Was die Abkürzung (m/w/d) in einer Stellenanzeige bedeutet, erklären wir hier und im Video .

Inhaltsübersicht

Was bedeutet m/w/d bei Stellenanzeigen?

Die Abkürzung (m/w/d) ist heutzutage immer öfter in Jobbörsen und Stellenanzeigen vertreten. Sie steht für die Geschlechter „männlich / weiblich / divers“. Das heißt, dass männliche, weibliche oder diverse Bewerber für diese Stelle geeignet sind. 

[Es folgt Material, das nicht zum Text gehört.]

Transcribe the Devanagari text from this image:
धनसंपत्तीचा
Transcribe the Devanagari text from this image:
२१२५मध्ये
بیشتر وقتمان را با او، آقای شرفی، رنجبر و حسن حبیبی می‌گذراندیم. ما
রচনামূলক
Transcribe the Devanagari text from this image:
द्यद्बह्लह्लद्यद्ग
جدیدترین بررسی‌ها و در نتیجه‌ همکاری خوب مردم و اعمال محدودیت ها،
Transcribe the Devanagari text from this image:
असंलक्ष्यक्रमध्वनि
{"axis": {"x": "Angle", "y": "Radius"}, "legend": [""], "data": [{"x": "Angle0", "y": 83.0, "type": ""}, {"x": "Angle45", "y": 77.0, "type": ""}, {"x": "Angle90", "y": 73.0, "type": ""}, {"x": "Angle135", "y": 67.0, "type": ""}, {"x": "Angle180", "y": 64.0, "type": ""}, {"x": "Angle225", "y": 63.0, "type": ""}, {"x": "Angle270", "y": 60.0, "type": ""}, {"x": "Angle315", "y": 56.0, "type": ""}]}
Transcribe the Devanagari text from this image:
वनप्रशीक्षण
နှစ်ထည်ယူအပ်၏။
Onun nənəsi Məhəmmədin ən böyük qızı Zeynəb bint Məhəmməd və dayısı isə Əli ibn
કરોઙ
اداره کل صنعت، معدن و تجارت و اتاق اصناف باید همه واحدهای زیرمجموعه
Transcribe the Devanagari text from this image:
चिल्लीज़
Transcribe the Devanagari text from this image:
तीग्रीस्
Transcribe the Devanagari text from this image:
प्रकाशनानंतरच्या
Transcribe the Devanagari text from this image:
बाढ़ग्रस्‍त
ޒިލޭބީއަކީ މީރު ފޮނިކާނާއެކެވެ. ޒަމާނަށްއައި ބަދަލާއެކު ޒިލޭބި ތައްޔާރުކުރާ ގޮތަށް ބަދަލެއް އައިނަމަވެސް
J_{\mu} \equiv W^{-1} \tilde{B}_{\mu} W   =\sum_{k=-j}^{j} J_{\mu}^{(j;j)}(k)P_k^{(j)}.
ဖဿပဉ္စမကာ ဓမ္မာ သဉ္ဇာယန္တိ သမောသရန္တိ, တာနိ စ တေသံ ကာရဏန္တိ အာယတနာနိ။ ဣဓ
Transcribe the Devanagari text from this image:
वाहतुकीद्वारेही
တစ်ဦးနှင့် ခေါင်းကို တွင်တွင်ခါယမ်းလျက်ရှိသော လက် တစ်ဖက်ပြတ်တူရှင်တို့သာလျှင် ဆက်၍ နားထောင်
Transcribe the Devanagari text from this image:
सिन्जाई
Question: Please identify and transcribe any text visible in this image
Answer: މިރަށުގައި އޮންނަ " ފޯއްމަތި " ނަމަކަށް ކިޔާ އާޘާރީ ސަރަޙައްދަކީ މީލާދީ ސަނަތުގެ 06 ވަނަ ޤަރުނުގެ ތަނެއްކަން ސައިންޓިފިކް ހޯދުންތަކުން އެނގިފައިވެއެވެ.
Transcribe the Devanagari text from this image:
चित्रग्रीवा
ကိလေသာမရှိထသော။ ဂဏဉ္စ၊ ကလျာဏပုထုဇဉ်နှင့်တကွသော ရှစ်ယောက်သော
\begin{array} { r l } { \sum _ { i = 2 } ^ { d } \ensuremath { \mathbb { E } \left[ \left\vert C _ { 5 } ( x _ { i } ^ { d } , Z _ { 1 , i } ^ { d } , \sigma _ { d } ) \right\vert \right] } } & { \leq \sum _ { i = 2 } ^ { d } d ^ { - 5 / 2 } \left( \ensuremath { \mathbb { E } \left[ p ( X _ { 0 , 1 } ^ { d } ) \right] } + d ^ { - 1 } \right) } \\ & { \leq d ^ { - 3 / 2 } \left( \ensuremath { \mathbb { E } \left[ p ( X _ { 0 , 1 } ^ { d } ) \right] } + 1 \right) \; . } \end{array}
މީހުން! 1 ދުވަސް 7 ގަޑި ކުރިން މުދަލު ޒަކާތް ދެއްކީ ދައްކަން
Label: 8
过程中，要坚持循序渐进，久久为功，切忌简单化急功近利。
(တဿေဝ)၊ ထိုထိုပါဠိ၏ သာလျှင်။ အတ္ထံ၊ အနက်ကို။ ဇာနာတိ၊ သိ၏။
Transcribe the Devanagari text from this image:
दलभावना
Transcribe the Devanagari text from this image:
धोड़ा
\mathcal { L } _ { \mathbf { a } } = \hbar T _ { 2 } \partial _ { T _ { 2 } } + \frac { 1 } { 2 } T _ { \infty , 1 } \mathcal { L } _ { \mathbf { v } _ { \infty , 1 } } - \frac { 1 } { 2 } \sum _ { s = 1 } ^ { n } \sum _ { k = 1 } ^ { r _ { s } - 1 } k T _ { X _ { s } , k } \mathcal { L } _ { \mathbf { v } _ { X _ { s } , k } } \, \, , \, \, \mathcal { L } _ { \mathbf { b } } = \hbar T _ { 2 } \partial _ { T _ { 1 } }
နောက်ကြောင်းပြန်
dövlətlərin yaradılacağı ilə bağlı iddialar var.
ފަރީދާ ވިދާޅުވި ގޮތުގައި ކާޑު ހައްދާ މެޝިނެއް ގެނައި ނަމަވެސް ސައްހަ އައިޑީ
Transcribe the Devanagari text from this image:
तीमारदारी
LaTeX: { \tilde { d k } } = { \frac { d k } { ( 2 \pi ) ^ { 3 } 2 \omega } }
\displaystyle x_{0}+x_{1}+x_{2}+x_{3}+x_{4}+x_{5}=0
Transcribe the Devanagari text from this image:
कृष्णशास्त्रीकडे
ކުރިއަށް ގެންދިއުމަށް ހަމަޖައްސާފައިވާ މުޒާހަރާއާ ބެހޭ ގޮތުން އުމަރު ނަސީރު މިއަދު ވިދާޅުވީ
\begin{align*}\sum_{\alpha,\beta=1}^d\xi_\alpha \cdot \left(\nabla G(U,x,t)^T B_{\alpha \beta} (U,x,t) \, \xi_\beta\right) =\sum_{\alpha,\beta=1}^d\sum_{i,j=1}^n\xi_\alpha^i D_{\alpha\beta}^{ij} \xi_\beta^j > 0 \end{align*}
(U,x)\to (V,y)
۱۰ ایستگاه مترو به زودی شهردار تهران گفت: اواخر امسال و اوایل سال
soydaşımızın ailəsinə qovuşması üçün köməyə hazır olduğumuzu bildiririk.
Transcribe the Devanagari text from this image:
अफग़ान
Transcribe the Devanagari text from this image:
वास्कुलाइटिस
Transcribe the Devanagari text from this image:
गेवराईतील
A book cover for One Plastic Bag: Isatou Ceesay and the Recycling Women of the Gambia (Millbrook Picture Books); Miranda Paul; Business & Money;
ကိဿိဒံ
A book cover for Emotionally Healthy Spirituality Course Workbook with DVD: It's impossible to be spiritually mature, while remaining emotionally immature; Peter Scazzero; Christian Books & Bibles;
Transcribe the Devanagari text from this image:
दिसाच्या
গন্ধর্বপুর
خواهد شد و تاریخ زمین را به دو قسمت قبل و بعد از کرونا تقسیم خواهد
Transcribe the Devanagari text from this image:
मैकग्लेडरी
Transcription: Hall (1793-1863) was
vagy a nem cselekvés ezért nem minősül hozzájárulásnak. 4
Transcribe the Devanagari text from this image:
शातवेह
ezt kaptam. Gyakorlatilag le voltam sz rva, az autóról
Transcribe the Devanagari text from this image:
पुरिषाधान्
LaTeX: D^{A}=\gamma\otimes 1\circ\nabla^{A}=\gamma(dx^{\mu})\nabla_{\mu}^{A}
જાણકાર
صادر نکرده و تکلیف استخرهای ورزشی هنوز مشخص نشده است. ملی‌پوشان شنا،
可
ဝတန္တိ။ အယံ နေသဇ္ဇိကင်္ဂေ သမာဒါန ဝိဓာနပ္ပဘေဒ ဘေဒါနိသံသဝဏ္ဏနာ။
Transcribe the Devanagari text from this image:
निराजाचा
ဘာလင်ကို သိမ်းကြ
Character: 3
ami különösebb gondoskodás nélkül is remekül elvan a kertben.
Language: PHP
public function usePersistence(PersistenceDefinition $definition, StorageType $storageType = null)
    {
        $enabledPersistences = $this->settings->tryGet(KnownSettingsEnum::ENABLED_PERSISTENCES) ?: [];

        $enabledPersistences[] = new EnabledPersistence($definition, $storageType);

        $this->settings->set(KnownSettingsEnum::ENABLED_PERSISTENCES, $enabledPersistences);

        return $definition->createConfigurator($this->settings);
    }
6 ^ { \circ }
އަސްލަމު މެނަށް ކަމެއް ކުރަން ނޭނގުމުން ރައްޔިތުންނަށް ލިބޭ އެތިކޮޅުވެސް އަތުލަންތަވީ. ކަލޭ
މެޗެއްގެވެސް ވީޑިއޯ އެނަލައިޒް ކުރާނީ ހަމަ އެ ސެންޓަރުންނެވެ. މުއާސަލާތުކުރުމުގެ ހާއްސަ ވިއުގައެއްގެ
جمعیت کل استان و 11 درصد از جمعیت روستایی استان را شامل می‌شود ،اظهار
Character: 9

Das Geschlecht (d) für „divers“ richtet sich an diverse bzw. intersexuelle Mitarbeiter. Diese Kandidaten identifizieren sich weder als männlich noch als weiblich. Die Abkürzung (m/w/d) dient dazu, dass die Auswahl der Bewerber geschlechtsneutral ist und somit jeder dieselben Chancen hat. 

Hintergrund divers / intersexuell

In Deutschland leben ca. 100.000 Menschen, die sich keinem Geschlecht zugehörig fühlen. Sie bezeichnen sich selbst meist als „divers“ oder „intersexuell“. Der Definition nach handelt es sich hierbei um Menschen, die sich aufgrund von erblichen, körperlichen oder hormonellen Gründen nicht eindeutig mit dem männlichen oder weiblichen Geschlecht identifizieren.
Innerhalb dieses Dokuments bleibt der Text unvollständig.